Beneficial Professor of Law Charles Fried argued before a sharply divided Supreme Court earlier this week that the mechanism used to fund legal aid and improvements in the administration of justice for low-income individuals throughout the United States is unconstitutional.
Interest on Lawyers’ Trust Accounts (IOLTA) programs collect the interest earned on certain client funds that eligible lawyers in each state must deposit in banks to fund the legal aid and improvements.
In Massachusetts, the Supreme Judicial Court made lawyers’ participation in the IOLTA program compulsory in 1989.
The IOLTA program is the second largest provider of legal aid in the United States after Congress and helps to defray the cost of legal representation for those who could otherwise not afford it—such as the elderly and domestic abuse victims—according to Jayne Tyrrell, executive director of the Massachusetts IOLTA Committee.
Underneath the legal jargon, though, is a high-stakes ideologically charged debate about the way in which legal services for low-income Americans are financed. IOLTA generated about $150 million in legal aid grants last year for civil litigants.
“The problem is it’s other people’s money,” said Fried, who served as solicitor general during the Reagan administration. “It’s a forced contribution.”
The Fifth Amendment mandates that private property cannot be “taken for public use without just compensation.”
But defenders of the IOLTA programs strongly disagree with Fried. Instead, they argue the program is constitutional because the interest generated would not have been returned to the clients anyway.
“Before IOLTA was implemented, the money was held in non-interest serving accounts,” Tyrrell said.
Fried, however, contends that even though the funds would be absorbed by transaction costs and taxes if they were deposited into individual accounts, private property should be protected even if it does not hold significant economic value.
During the proceedings, Fried conceded that the interest had no calculable value, but said, “It is a taking even if the just compensation is zero.”
Fried is arguing the case for a conservative policy group, Washington Legal Foundation, which represents two clients who said they would have earned $5 and $2, respectively, if the money had been deposited into individual accounts.
Legal aid activists, including Harvard Law School Lecturer Jeanne Charn, who is also the director of Hale and Dorr’s Legal Services Center in Jamaica Plain, have said they are also concerned about the implications the Supreme Court’s ruling may have on those who benefit from IOLTA funds.

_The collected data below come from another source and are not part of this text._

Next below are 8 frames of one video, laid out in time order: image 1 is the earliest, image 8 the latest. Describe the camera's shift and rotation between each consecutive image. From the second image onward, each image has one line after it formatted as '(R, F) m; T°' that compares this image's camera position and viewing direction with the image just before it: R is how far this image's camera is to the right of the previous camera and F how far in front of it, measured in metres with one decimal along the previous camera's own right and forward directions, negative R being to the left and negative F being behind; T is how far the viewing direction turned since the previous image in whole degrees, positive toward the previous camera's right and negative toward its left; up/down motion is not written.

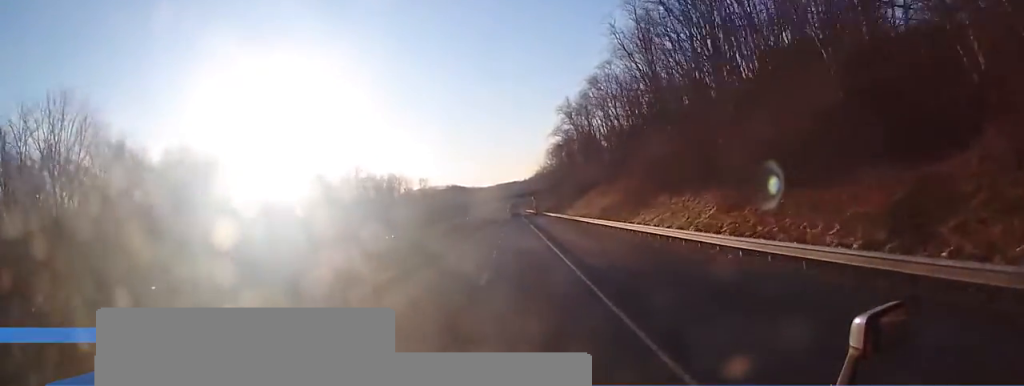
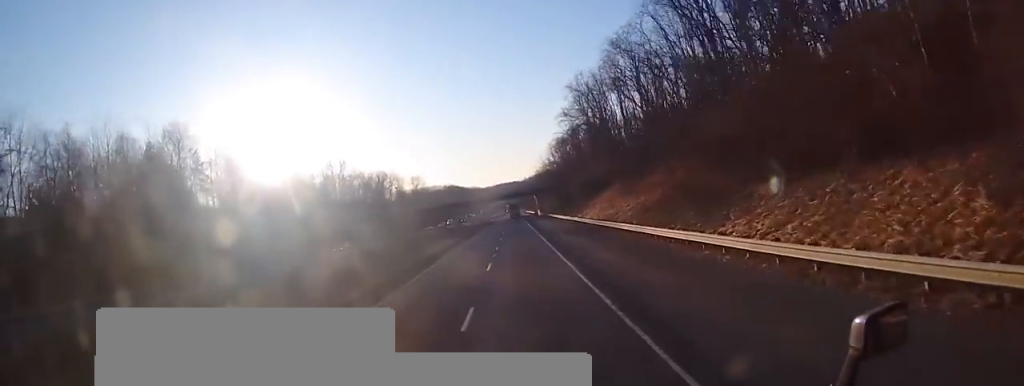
(0.0, +19.6) m; 0°
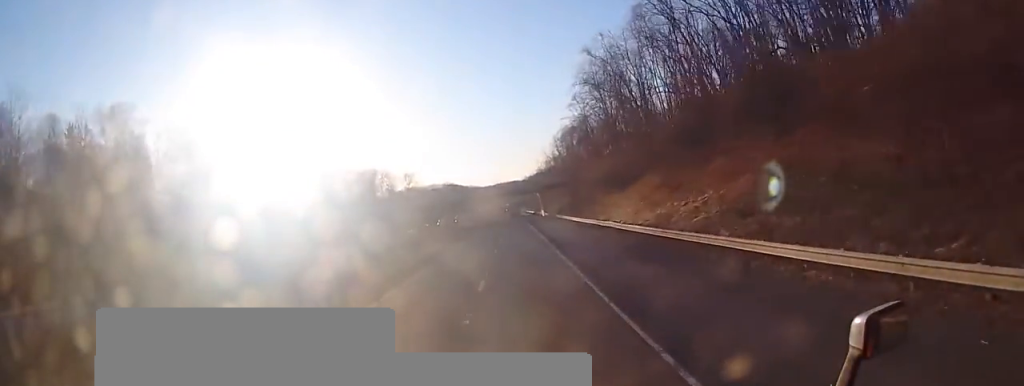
(0.0, +18.1) m; 0°
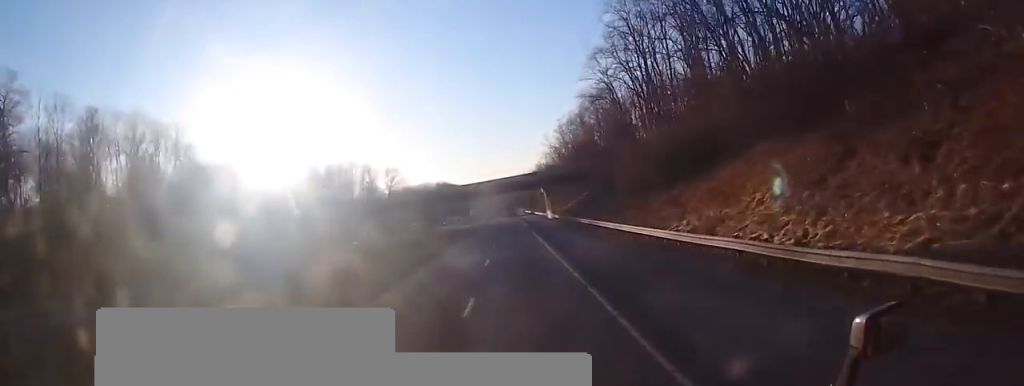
(-0.1, +28.4) m; 0°
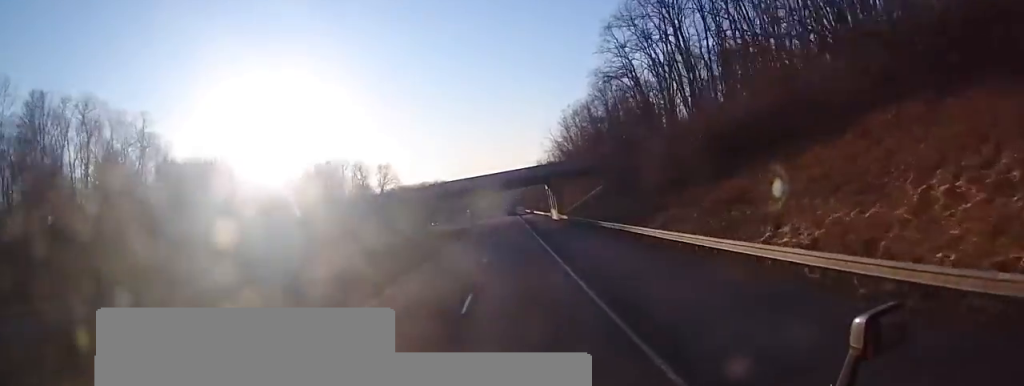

“It is a major source of funding for legal services in the U.S.,” Charn said. “Without that money there will just be more people not being served, and we already have a very difficult situation.”
Fried, though, said he disagrees with Charn’s assessment.
“There’s a way to [fund these programs],” he said. “It’s called taxation.”
Tyrrell said there are other options that would sustain the viability of the program even if it were declared unconstitutional when the court rules.
One such method would simply involve the lawyers obtaining clients’ permission before funds are channeled to IOLTA.
“We’re not even thinking about those options, though, because we don’t think there’s an issue,” Tyrrell said.
—Samuel A. Winter contributed to the reporting of this story.